Prove that the lengths of the tangents drawn from an external point to a circle are equal. Using the above theorem, prove that AB+CD = AD+BC, if a quadrilateral ABCD is drawn to circumscribe a circle.

Proof of theorem

Let us consider a circle with center O, AP and BP be two common tangents to it from an external point P.

Join OP.

To Prove: AP = BP

Proof:

In ΔAOP and ΔBOP

OA = OB [Radii of same circle]

OP = OP [Common]

∠OAP = ∠OBP [Both 90° as tangent at a point on the circle is perpendicular to the radius through point of contact]

⇒ ΔAOP ≅ ΔBOP [By RHS congruency criterion]

⇒ AP = BP [Corresponding parts of congruent triangles are equal]

Hence, the lengths of the tangents drawn from an external point to a circle are equal.

Proof of AB + CD = AD + BC

Given: A quadrilateral ABCD is drawn to circumscribe a circle with center O. Circle touches sides AB, BC, CD and AD at points P, Q, R and S respectively.
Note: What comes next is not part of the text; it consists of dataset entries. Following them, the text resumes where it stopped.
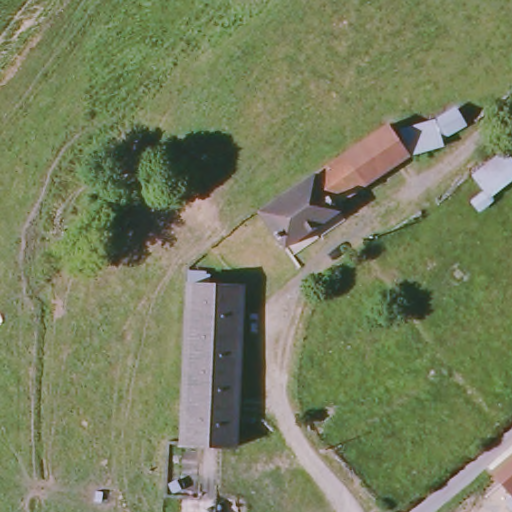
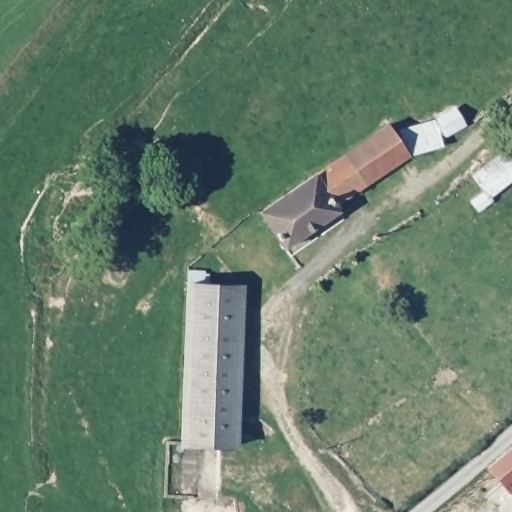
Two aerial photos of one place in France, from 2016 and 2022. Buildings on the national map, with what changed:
unchanged [(410,156),(335,204),(339,209),(284,247),(257,211),(315,171),(387,122),(393,130),(435,118),(455,106),(467,125),(441,139),(444,147),(410,156)]
unchanged [(512,189),(497,200),(498,206),(482,214),(477,204),(490,195),(474,176),(510,149),(512,152),(512,189)]
unchanged [(179,445),(185,281),(245,282),(239,448),(179,445)]
unchanged [(494,481),(512,465),(512,501),(495,484),(494,481)]

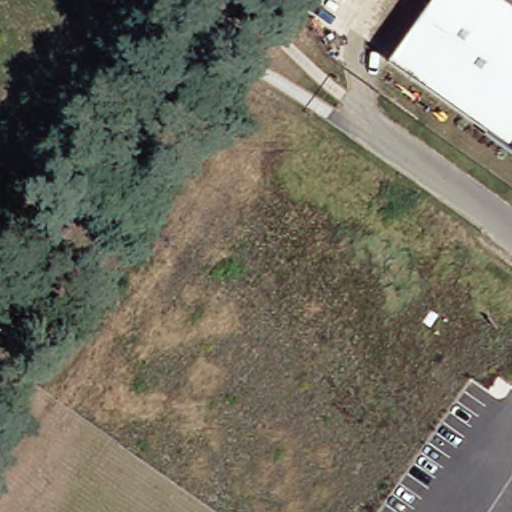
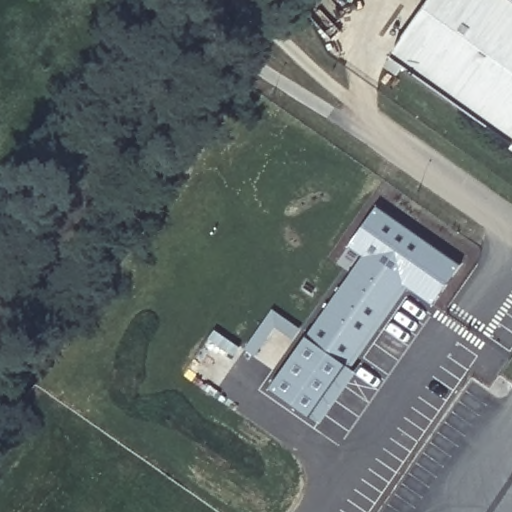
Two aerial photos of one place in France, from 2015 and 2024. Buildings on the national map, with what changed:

To prove: AB + CD = AD + BC

Proof:

We know, tangents drawn from an external point to a circle are equal.

In the figure, we observe

AP = AS [Tangents from point A]

BP = BQ [Tangents from point B]

CR = CQ [Tangents from point C]

DR = DS [Tangents from point D]

Adding the above four equations, we get

AP + BP + CR + DR = AS + BQ + CQ + DS

⇒ AB + CD = AS + DS + BQ + CQ

⇒ AB + CD = AD + BC

Hence Proved!